Records shown:

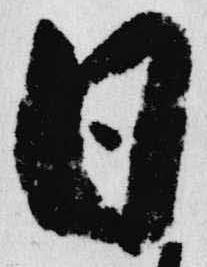
日
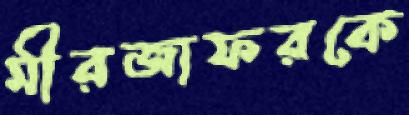
মীরজাফরকে
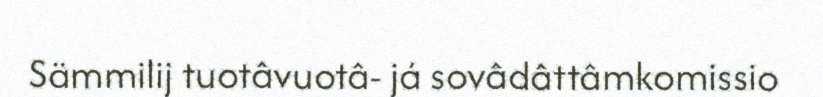
Sämmilij tuotâvuotâ- já sovâdâttâmkomissio
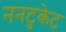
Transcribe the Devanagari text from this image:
ननटुकेट
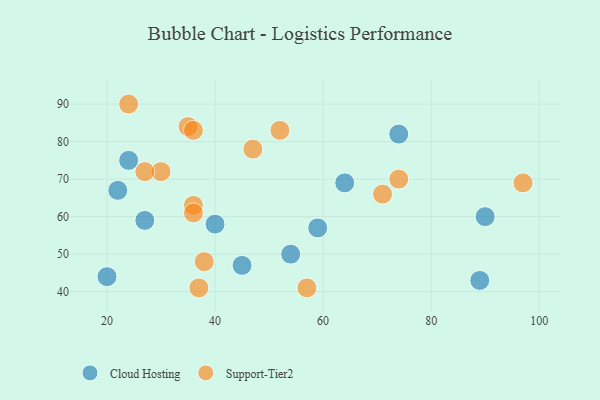
{"axis": {"x": "GDP", "y": "Life Expectancy"}, "legend": ["Cloud Hosting", "Support-Tier2"], "data": [{"x": "40", "y": 58, "type": "Cloud Hosting"}, {"x": "24", "y": 75, "type": "Cloud Hosting"}, {"x": "27", "y": 59, "type": "Cloud Hosting"}, {"x": "45", "y": 47, "type": "Cloud Hosting"}, {"x": "74", "y": 82, "type": "Cloud Hosting"}, {"x": "89", "y": 43, "type": "Cloud Hosting"}, {"x": "54", "y": 50, "type": "Cloud Hosting"}, {"x": "64", "y": 69, "type": "Cloud Hosting"}, {"x": "59", "y": 57, "type": "Cloud Hosting"}, {"x": "90", "y": 60, "type": "Cloud Hosting"}, {"x": "20", "y": 44, "type": "Cloud Hosting"}, {"x": "22", "y": 67, "type": "Cloud Hosting"}, {"x": "71", "y": 66, "type": "Support-Tier2"}, {"x": "74", "y": 70, "type": "Support-Tier2"}, {"x": "52", "y": 83, "type": "Support-Tier2"}, {"x": "30", "y": 72, "type": "Support-Tier2"}, {"x": "35", "y": 84, "type": "Support-Tier2"}, {"x": "47", "y": 78, "type": "Support-Tier2"}, {"x": "37", "y": 41, "type": "Support-Tier2"}, {"x": "36", "y": 63, "type": "Support-Tier2"}, {"x": "24", "y": 90, "type": "Support-Tier2"}, {"x": "36", "y": 61, "type": "Support-Tier2"}, {"x": "57", "y": 41, "type": "Support-Tier2"}, {"x": "27", "y": 72, "type": "Support-Tier2"}, {"x": "38", "y": 48, "type": "Support-Tier2"}, {"x": "36", "y": 83, "type": "Support-Tier2"}, {"x": "97", "y": 69, "type": "Support-Tier2"}]}

What you will do:
Copy out all of the entries exactly as they stand, with no pictures in your copy.

Solution for this problem:
日
মীরজাফরকে
Sämmilij tuotâvuotâ- já sovâdâttâmkomissio
Transcribe the Devanagari text from this image:
ननटुकेट
{"axis": {"x": "GDP", "y": "Life Expectancy"}, "legend": ["Cloud Hosting", "Support-Tier2"], "data": [{"x": "40", "y": 58, "type": "Cloud Hosting"}, {"x": "24", "y": 75, "type": "Cloud Hosting"}, {"x": "27", "y": 59, "type": "Cloud Hosting"}, {"x": "45", "y": 47, "type": "Cloud Hosting"}, {"x": "74", "y": 82, "type": "Cloud Hosting"}, {"x": "89", "y": 43, "type": "Cloud Hosting"}, {"x": "54", "y": 50, "type": "Cloud Hosting"}, {"x": "64", "y": 69, "type": "Cloud Hosting"}, {"x": "59", "y": 57, "type": "Cloud Hosting"}, {"x": "90", "y": 60, "type": "Cloud Hosting"}, {"x": "20", "y": 44, "type": "Cloud Hosting"}, {"x": "22", "y": 67, "type": "Cloud Hosting"}, {"x": "71", "y": 66, "type": "Support-Tier2"}, {"x": "74", "y": 70, "type": "Support-Tier2"}, {"x": "52", "y": 83, "type": "Support-Tier2"}, {"x": "30", "y": 72, "type": "Support-Tier2"}, {"x": "35", "y": 84, "type": "Support-Tier2"}, {"x": "47", "y": 78, "type": "Support-Tier2"}, {"x": "37", "y": 41, "type": "Support-Tier2"}, {"x": "36", "y": 63, "type": "Support-Tier2"}, {"x": "24", "y": 90, "type": "Support-Tier2"}, {"x": "36", "y": 61, "type": "Support-Tier2"}, {"x": "57", "y": 41, "type": "Support-Tier2"}, {"x": "27", "y": 72, "type": "Support-Tier2"}, {"x": "38", "y": 48, "type": "Support-Tier2"}, {"x": "36", "y": 83, "type": "Support-Tier2"}, {"x": "97", "y": 69, "type": "Support-Tier2"}]}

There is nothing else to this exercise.